ビデオ会議では、相手の空間にあるものを直接指し示すことが難しい。伝えやすそうで伝えにくい「これは何?」を簡単にできるようにしたソニー製品には、同社が培った映像技術力が発揮されている。
先進的かつ独創的な技術をベースに、総合電機メーカーとして数多くのユニークな製品を世に送り出してきたソニー。その実力はビデオ会議システムの分野でも遺憾なく発揮されており、国内メーカーの中ではトップシェアを誇っている。2009年度はこの分野で過去最高となる売り上げを計上し、その勢いは2010年に入っても続いているという。では、なぜソニーがビデオ会議システム市場で強いのか? その理由は、民生用の液晶テレビからデジタルカメラ、産業用ネットワークカメラに至るまで広範にわたる「映像技術の総合力」にあるようだ。
ソニービジネスソリューション バリュー・クリエイション部門 ソリューションマーケティング部 コミュニケーションプロダクツMK課 統括課長の中村隆昭氏は、ビデオ会議システムの需要の伸びについて「昨今の厳しい経済状況の中でもビデオ会議システムが堅調に伸びているのは、企業にとって経費削減という大きな目的があるから。

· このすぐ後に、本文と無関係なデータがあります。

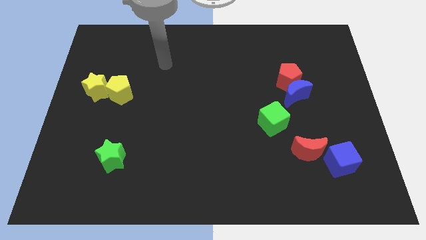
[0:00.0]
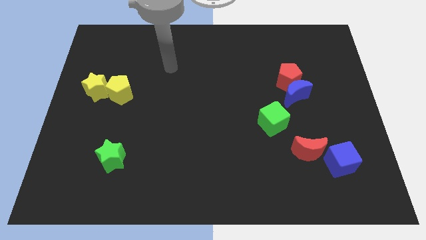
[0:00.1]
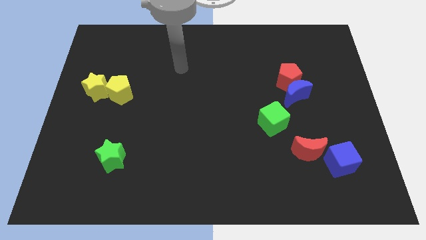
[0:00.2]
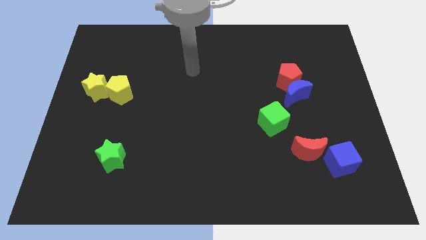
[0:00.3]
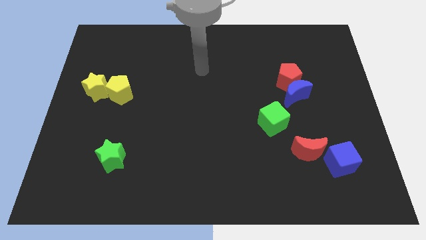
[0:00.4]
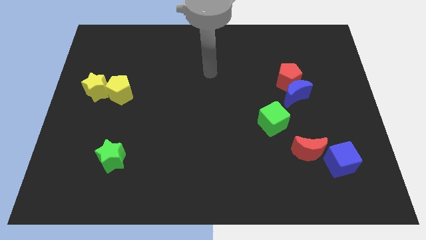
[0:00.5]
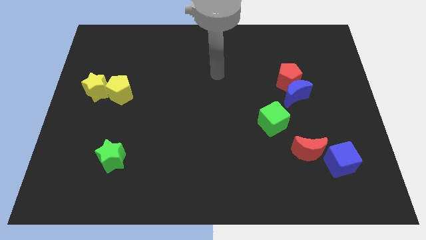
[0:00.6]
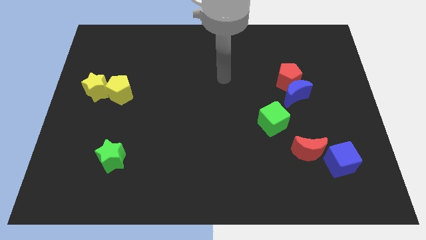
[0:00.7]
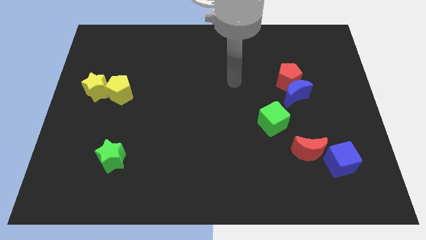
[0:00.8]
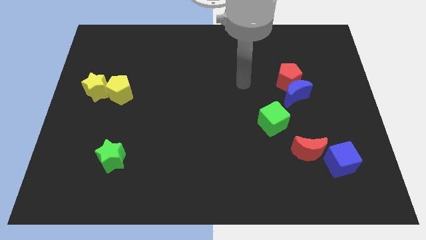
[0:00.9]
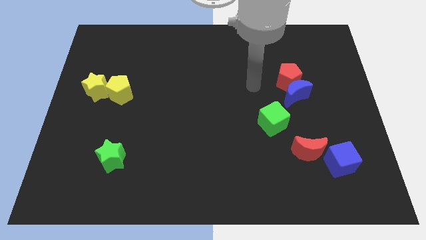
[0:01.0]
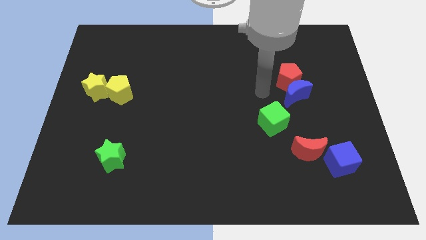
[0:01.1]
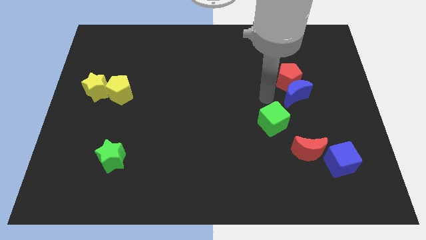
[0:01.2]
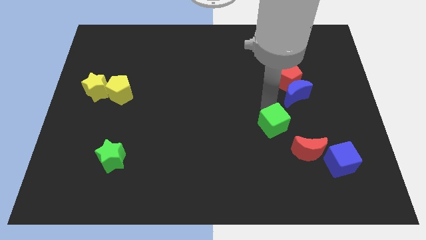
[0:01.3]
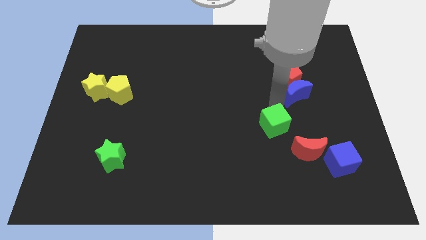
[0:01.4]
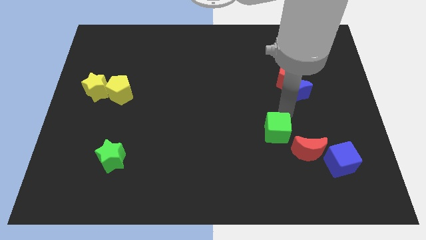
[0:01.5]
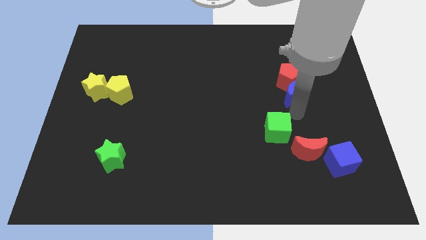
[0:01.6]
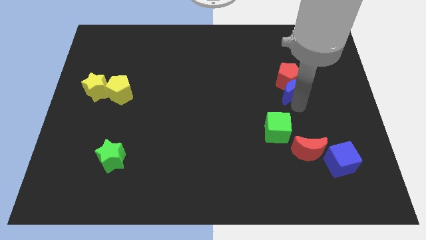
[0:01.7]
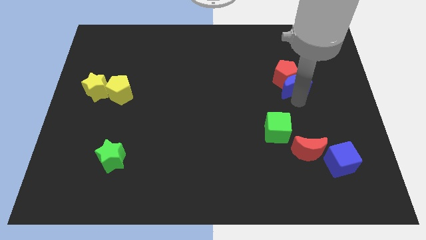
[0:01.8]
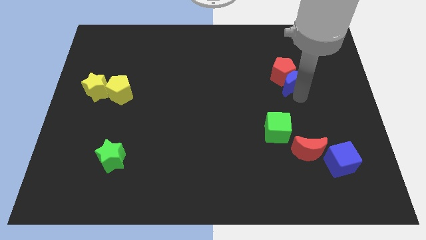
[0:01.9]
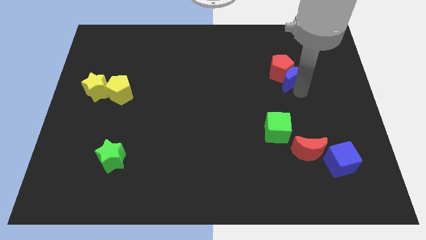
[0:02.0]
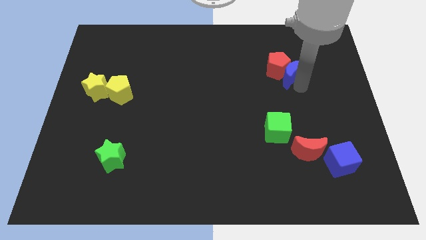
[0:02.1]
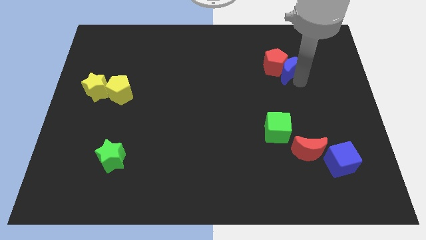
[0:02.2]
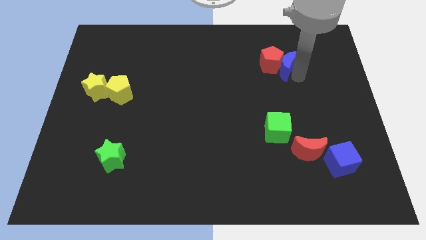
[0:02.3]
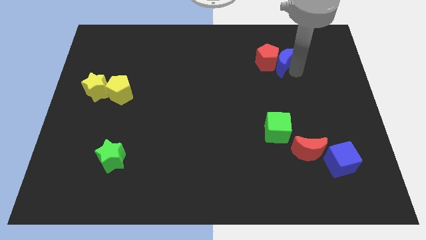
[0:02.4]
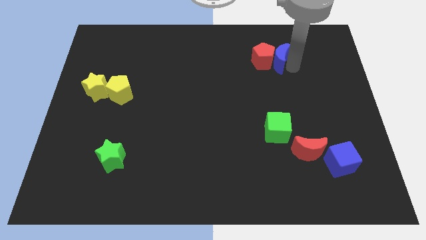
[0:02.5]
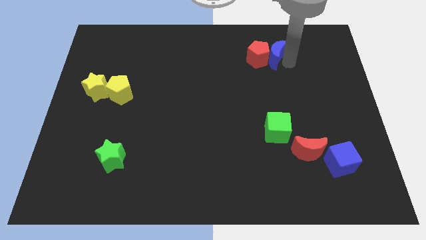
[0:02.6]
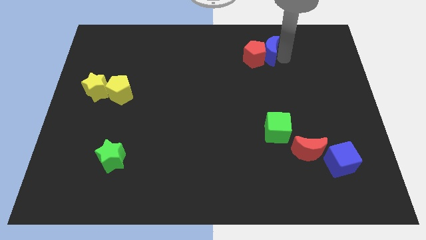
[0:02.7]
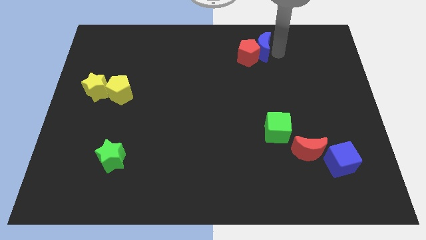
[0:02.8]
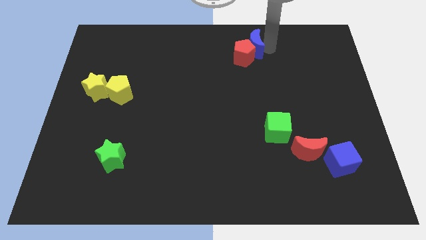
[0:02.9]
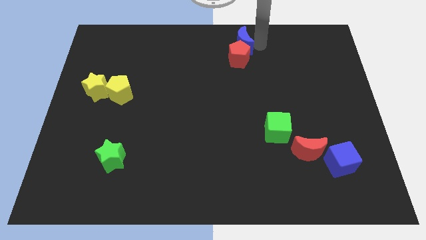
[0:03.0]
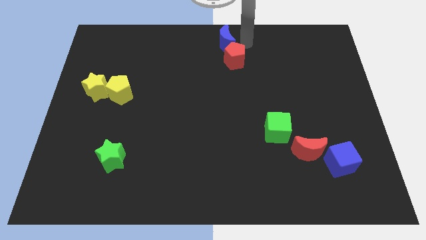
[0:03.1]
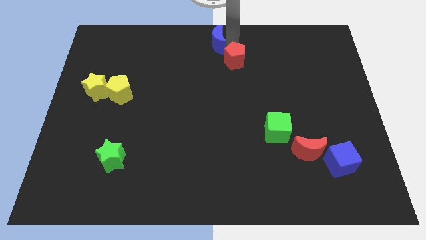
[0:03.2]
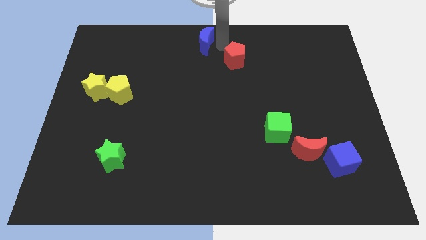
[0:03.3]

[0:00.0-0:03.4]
move the red pentagon away from the blue moon

危機管理面からも、出張せずにコミュニケーションが取れる手段になり得るITツールとして再認識されているが、ここ1年間でビデオ会議システムのハイビジョン(HD)化が進み、会議だけではない新たな需要が創出されている」と指摘する。
HD化によって広がってきた用途の代表例として、文教や医療といった分野が挙げられる。今やビデオ会議システムは、大学での遠隔講義や大学間の研究共有手段として普通に使われるようになった。医療現場では、CT画像が鮮明に見えるため、手術の指針を決定する際のコミュニケーションツールにも利用されている。さらに製造業では、海外拠点との会議のみならず、実際の現場における品質管理への活用も始まっている。製造した基板上の電子部品の浮きやはんだ付け状態などを検討する際に、HD映像が利用されるケースも多くなってきた。

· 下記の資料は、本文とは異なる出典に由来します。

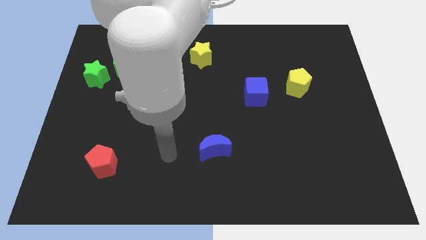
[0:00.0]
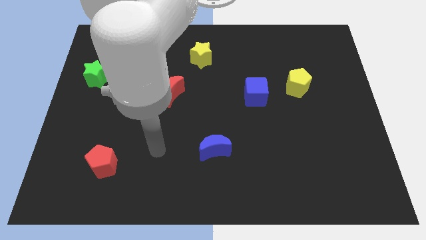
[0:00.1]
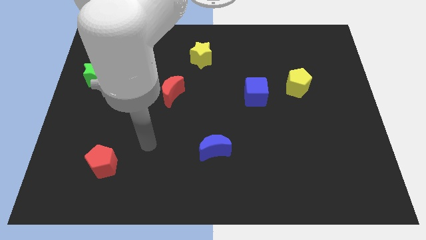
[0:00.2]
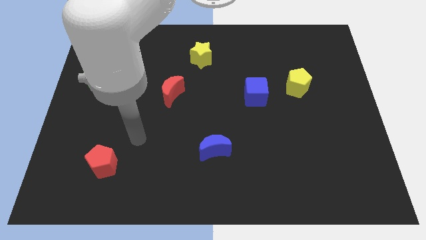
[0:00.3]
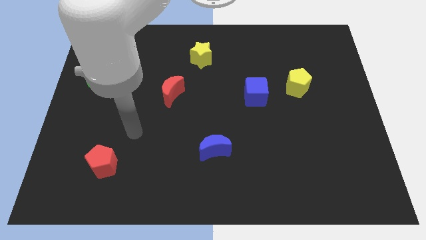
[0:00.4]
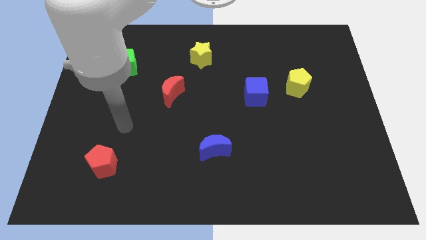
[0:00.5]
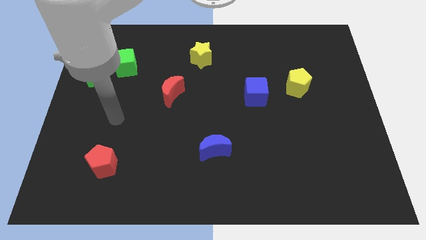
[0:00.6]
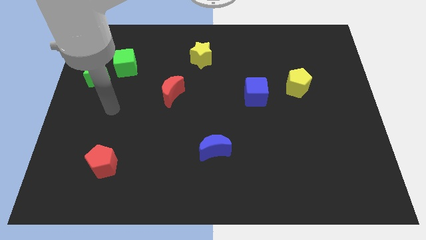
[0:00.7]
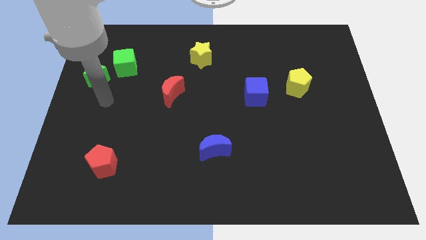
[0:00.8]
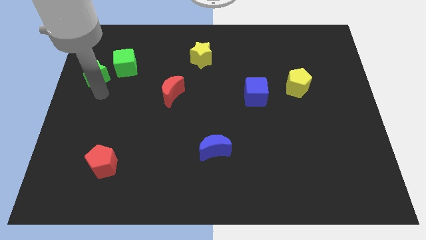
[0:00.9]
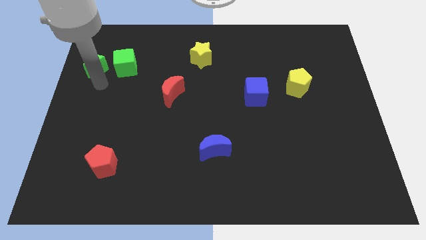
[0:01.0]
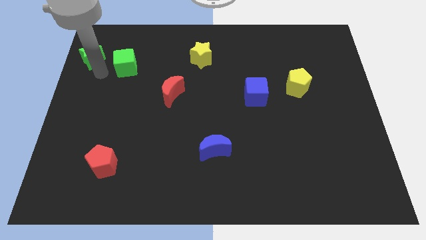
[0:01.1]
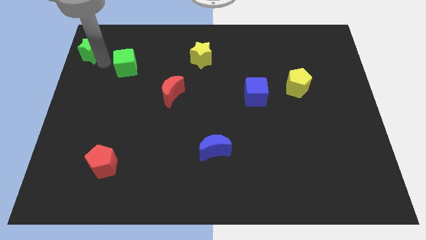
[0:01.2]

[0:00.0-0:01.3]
separate the green cube from the green star

特に同社において、新しいマーケットに対する期待感は大きい。製造プロセスの最適化を行うための監視ツールや自動車・家電製品のデザイン共有など、今後新しい利用シーンでソニーならではの映像技術が生かせるからだ。「テレビ会議システムがHD化されることで、高解像度による大画面化はもちろんのこと、色味の再現性、被写界深度の深さ、リアリティーの向上など、われわれがオーディオ・ビジュアル分野で培ってきたノウハウが大いに役立つようになった。このような周辺技術はどの企業にも負けないと自負している」と中村氏は強調する。さらに、同コミュニケーションプロダクツMK課 統括課長の武田有正氏も「自然の状態をありのままに伝えるオーディオ・ビジュアル技術だけでなく、産業用ネットワークカメラのように“見えないものを見えるようにする技術”にもたけている点が強み」とする。